I thought I might try something personal for a change; not that I don't think that my other contributions haven't been personal... perhaps they're harder to relate to.

But I must confess to my 'being' 'soul' 'feelings' or whatever as being very weathered of late - a futility that remains with me with every piece of information that I encounter with my somewhat neglected research for my Masters - the attempt to awaken in others something great. I was, as I'm sure we all who persevere to entertain ideas of literary sensibility, taught and convinced that words in and of themselves contained the greatest meaning in our lives.
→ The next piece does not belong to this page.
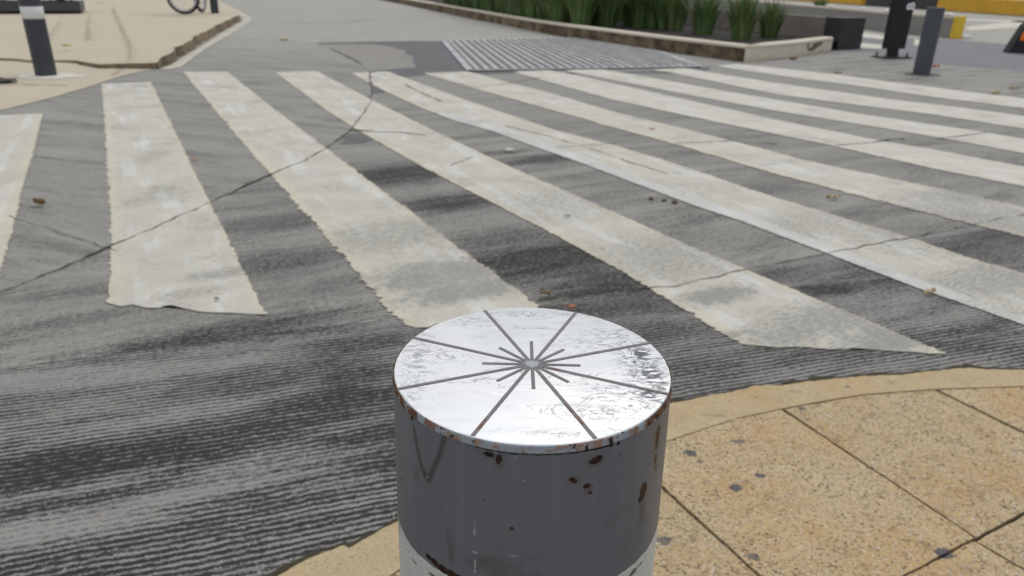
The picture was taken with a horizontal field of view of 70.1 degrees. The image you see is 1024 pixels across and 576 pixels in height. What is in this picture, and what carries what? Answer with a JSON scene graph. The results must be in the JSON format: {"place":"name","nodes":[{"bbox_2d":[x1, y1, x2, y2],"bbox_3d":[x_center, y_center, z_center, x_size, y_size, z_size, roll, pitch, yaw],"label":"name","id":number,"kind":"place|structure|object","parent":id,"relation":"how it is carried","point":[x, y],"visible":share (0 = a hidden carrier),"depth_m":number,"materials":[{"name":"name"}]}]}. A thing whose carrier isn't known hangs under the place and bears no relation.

I'm perpetually in awe of the old masters who engaged so thoroughly in attempting to capture as much as they could in these forms - the poets, playwrights, novelists, philosophers, historians, musicians and lawyers - but mostly those around me suffer from day to day with trivialities beyond my own understanding of the universe... how so many minds can be drawn towards such banality, such repitition, such formless waste as what I see before me...
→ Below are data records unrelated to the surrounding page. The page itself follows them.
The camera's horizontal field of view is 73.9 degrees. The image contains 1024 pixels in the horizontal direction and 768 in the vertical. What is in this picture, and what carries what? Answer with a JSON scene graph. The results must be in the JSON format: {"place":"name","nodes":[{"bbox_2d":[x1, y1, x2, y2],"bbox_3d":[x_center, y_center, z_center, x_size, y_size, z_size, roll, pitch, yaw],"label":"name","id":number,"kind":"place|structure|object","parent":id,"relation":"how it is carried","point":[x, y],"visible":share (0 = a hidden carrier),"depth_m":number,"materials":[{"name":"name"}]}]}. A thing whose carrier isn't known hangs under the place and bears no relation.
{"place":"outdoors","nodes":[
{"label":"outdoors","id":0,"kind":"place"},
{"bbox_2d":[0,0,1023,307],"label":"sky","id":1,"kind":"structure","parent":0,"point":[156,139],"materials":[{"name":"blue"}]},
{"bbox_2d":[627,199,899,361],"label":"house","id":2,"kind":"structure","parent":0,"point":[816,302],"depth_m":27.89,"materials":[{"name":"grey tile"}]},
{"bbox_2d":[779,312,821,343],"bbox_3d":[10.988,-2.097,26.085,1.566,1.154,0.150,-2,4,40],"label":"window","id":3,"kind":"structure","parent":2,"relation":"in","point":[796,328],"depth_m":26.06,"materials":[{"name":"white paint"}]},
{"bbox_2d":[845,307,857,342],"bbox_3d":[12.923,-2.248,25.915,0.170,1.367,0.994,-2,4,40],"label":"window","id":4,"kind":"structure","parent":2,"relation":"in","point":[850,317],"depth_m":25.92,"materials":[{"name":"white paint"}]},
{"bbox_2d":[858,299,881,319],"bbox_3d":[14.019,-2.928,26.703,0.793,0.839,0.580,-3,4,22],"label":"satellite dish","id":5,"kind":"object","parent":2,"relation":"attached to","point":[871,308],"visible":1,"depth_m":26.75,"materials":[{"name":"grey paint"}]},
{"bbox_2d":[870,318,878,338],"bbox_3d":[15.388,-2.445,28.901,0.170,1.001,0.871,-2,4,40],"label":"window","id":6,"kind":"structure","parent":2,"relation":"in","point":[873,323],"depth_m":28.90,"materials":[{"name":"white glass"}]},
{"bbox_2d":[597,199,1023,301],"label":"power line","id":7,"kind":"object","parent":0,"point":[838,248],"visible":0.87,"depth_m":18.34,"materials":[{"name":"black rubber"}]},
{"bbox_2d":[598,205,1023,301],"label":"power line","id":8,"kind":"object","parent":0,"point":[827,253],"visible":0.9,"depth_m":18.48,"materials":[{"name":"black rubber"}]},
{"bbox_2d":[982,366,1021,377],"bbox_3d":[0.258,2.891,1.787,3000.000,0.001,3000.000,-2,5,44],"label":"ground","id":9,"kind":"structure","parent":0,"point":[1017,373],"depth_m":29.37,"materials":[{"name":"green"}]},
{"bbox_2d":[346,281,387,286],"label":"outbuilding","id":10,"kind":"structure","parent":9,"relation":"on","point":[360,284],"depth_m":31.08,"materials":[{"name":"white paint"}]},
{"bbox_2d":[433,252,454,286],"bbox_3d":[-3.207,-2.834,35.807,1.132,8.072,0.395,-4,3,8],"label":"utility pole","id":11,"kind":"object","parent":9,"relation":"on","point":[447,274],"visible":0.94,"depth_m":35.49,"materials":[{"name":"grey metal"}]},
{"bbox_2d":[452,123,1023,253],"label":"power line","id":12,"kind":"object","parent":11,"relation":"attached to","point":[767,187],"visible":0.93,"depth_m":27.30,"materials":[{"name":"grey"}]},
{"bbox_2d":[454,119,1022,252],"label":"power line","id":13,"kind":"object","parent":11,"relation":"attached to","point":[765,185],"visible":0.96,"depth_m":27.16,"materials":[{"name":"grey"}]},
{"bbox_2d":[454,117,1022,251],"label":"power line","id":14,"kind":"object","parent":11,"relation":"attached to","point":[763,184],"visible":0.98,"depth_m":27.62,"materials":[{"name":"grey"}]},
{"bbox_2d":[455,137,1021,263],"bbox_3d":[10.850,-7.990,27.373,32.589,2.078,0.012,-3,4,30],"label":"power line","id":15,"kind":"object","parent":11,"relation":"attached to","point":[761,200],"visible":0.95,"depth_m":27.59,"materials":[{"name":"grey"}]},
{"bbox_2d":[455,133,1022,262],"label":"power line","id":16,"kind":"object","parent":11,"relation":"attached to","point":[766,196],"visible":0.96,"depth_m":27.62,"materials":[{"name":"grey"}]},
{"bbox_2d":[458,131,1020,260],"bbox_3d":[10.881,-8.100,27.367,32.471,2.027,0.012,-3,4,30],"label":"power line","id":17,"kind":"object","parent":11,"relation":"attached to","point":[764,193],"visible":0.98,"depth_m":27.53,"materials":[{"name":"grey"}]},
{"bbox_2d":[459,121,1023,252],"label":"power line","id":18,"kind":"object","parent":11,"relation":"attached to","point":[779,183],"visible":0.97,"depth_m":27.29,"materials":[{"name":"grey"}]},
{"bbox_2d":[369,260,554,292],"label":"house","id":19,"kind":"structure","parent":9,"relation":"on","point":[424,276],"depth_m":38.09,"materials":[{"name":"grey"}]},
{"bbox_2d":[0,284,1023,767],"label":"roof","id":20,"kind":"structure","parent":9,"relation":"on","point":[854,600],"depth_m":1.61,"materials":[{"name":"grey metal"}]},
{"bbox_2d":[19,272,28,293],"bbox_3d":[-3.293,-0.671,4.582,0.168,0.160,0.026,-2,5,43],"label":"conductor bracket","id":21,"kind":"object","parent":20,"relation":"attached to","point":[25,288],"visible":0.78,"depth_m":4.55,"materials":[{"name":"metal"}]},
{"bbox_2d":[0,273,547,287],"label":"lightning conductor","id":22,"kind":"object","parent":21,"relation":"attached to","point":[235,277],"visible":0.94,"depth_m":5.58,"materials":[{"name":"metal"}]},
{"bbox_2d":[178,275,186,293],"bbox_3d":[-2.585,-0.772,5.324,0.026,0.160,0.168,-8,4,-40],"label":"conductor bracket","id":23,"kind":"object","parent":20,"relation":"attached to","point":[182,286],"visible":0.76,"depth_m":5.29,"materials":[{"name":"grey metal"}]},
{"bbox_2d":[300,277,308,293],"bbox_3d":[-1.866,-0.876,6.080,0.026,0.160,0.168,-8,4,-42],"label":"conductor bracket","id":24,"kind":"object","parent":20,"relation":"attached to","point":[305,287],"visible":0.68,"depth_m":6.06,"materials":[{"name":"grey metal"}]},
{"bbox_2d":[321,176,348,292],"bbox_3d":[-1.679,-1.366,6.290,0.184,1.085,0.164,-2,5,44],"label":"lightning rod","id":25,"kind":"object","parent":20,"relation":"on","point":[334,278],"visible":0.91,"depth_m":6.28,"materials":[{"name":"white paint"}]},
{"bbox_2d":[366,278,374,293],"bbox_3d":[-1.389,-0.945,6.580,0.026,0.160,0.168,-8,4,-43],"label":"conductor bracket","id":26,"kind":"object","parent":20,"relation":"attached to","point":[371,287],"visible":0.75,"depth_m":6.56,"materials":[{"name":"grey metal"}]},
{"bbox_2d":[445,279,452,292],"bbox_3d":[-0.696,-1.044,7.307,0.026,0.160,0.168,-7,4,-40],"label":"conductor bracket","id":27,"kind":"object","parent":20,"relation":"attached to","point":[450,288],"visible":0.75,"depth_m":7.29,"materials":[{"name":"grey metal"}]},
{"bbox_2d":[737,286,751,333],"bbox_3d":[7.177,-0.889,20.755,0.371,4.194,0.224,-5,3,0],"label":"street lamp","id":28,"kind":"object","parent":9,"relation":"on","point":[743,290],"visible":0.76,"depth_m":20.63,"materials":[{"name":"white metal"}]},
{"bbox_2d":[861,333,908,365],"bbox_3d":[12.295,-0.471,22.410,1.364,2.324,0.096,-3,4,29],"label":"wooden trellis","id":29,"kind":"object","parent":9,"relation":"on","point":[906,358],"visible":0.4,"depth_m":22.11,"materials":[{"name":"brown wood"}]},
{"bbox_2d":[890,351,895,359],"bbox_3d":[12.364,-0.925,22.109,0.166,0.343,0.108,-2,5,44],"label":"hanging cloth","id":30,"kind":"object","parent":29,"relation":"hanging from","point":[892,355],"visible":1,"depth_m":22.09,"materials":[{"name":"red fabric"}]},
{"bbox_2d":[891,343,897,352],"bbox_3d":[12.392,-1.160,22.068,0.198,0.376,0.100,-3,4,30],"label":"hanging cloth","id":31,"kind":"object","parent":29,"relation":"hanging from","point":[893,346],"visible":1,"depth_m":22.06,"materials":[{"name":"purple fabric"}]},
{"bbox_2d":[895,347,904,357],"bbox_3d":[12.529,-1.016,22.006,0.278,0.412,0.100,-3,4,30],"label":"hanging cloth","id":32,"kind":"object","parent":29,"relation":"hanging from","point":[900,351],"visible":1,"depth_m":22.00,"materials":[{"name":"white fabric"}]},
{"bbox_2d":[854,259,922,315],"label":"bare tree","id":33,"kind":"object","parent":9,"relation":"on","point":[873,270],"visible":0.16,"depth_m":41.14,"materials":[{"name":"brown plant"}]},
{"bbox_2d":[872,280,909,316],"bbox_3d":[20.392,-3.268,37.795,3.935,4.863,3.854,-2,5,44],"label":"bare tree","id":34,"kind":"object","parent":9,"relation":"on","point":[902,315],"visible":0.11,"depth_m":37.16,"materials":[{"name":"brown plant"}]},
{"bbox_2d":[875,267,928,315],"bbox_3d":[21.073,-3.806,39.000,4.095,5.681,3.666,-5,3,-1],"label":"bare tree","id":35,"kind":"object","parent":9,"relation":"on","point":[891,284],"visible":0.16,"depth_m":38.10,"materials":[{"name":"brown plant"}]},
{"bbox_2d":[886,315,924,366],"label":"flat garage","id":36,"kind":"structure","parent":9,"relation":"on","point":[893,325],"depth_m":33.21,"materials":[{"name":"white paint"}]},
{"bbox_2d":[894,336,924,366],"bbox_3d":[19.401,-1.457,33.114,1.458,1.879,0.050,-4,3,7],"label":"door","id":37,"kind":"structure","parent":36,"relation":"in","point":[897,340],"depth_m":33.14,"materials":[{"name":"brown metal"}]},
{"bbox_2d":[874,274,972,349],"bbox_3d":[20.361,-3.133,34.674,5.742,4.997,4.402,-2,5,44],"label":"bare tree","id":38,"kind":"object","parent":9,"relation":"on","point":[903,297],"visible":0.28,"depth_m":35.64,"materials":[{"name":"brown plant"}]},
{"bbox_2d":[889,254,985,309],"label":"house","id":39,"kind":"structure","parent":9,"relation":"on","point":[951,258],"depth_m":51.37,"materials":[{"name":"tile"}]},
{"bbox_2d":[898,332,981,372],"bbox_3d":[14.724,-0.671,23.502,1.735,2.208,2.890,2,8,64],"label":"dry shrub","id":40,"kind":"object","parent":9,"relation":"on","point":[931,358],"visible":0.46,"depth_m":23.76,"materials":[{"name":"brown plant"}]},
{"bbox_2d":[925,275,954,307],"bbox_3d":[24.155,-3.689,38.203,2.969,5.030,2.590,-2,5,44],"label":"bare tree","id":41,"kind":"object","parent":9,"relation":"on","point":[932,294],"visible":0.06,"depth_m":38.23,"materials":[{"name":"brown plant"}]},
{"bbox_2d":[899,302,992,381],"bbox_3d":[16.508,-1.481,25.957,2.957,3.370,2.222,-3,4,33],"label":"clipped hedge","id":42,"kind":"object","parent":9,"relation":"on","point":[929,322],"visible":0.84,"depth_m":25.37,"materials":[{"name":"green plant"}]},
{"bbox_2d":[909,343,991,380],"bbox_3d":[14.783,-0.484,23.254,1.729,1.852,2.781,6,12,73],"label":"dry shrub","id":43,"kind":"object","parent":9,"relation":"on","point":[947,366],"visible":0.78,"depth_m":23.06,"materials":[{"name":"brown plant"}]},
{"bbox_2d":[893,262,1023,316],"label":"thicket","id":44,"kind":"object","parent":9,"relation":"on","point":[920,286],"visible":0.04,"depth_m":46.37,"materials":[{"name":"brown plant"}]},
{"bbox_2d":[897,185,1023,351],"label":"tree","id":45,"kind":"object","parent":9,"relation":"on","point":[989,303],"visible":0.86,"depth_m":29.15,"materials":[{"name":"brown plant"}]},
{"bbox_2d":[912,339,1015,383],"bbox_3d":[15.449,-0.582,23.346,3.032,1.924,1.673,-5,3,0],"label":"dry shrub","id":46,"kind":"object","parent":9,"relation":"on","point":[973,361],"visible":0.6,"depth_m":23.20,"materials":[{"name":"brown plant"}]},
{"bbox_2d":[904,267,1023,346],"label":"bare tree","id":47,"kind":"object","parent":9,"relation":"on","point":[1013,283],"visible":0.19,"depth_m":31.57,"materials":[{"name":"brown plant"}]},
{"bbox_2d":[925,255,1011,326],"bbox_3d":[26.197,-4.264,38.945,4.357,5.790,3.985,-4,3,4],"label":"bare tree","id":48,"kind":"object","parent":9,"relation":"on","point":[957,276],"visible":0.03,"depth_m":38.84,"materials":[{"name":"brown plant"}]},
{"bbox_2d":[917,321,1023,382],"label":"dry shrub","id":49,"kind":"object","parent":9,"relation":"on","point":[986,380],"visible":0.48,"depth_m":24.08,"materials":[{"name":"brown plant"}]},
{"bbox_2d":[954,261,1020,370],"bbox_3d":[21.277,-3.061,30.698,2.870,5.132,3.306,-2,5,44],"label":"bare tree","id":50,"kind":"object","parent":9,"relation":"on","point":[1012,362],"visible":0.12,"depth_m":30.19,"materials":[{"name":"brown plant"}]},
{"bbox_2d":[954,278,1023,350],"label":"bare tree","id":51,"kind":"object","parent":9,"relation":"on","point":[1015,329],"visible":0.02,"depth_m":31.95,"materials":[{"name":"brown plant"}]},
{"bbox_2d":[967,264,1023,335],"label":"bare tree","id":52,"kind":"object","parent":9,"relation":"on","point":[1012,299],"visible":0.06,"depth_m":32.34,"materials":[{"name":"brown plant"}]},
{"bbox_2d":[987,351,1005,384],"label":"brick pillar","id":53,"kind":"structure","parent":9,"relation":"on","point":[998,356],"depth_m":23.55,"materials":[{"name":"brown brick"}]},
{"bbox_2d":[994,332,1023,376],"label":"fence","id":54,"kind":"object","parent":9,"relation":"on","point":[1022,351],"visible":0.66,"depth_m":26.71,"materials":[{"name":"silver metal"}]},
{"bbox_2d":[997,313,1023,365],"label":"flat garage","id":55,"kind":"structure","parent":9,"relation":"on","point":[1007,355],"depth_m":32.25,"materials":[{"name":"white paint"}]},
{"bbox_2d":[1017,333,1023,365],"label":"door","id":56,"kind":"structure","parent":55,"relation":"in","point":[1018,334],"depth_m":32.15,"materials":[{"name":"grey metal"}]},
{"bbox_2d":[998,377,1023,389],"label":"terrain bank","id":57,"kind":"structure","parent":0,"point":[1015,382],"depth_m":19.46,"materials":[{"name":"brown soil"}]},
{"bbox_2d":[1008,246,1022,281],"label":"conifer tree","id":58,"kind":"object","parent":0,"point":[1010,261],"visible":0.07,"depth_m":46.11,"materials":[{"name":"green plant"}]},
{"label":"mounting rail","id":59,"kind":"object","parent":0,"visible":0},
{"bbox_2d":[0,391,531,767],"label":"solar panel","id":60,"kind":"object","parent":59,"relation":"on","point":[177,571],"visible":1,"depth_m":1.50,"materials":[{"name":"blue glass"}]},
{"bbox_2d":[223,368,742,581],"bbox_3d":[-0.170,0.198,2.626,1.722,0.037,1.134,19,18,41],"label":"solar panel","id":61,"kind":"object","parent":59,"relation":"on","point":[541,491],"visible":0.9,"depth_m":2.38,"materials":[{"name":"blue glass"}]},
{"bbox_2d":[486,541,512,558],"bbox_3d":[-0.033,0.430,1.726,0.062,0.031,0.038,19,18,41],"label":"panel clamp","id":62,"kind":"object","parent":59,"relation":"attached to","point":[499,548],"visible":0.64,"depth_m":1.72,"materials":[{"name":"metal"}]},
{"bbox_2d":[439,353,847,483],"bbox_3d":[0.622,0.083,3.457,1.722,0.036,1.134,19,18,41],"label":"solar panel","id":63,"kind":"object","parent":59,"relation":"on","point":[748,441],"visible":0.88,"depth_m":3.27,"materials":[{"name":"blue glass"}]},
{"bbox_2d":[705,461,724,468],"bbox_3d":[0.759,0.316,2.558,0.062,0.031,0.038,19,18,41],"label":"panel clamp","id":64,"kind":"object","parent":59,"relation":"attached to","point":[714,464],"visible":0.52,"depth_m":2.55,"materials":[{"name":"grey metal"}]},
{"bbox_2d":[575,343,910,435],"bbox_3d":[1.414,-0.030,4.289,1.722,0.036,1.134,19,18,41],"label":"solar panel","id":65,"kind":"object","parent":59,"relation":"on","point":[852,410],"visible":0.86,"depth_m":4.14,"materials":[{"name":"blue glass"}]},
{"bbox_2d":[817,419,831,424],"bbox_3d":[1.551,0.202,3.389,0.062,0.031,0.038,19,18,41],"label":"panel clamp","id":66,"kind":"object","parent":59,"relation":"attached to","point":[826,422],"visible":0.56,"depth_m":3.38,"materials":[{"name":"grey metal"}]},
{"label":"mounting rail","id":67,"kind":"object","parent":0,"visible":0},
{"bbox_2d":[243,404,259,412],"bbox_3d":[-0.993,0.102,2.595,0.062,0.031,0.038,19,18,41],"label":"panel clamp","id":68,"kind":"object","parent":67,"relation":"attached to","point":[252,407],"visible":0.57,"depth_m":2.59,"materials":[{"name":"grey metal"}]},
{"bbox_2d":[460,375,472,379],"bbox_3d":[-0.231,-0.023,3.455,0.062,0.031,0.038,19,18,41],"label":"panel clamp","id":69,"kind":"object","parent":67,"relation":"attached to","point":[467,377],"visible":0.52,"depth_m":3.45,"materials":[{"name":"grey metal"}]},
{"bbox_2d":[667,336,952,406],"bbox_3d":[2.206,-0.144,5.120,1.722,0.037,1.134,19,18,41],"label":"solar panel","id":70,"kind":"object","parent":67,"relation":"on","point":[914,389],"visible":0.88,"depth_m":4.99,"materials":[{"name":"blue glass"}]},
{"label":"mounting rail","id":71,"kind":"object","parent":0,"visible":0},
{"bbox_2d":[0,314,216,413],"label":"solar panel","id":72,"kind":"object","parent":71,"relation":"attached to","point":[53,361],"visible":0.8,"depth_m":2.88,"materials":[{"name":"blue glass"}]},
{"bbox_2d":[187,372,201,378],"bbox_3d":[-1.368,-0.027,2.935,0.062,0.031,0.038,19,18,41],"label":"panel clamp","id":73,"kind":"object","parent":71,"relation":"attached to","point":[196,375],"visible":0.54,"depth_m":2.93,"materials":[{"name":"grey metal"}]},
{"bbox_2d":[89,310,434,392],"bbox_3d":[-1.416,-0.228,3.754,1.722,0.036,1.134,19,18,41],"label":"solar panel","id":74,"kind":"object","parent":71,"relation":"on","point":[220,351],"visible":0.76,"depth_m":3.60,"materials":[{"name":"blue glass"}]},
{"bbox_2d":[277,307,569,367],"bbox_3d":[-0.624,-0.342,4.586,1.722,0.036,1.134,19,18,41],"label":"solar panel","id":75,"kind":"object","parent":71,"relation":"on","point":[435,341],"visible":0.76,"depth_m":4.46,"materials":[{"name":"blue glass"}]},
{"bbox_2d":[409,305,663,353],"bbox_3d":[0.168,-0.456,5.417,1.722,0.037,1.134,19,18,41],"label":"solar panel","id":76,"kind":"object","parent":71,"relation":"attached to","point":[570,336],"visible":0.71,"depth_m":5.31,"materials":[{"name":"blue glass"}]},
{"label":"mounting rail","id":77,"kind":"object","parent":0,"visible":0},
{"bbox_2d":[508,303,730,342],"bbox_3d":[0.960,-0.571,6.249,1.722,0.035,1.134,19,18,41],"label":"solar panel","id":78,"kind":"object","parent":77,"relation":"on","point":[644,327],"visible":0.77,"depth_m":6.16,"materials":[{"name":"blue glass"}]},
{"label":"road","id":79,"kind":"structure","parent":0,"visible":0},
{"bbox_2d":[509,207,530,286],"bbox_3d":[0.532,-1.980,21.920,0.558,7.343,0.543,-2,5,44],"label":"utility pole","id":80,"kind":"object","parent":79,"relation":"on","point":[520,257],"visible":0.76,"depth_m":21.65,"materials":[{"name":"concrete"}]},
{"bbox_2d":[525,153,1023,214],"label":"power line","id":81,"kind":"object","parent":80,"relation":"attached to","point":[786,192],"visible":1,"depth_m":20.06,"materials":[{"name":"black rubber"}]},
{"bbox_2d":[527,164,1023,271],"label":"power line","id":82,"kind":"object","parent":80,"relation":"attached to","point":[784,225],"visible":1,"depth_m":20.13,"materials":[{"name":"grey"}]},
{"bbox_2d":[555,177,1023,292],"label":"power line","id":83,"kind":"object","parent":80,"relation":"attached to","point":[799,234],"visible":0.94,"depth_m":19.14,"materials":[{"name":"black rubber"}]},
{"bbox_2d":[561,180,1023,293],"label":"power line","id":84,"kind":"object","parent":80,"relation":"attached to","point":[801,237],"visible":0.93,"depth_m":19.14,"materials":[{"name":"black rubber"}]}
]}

 And I must confess that I don't feel up to the task. I don't want to tap that universal vein, I don't want to sell products, I don't want to join in on the narcissistic culture jam that I see around me. It's hardly tempting, but it often feels that my attempts are futile. An individual taking on the task of trying to tell them to reach for something greater... what a futile task.

 Although I'm hardly dismayed... what point give up now? Change is just around the corner - spring becones, and a new crop will come forth.

 These sour grapes are hardly worth selling the farm for...

I don't actually feel like I've said anything different in my poems, but nevertheless, maybe I did.

Enjoy the Holidays everyone, hope all is well.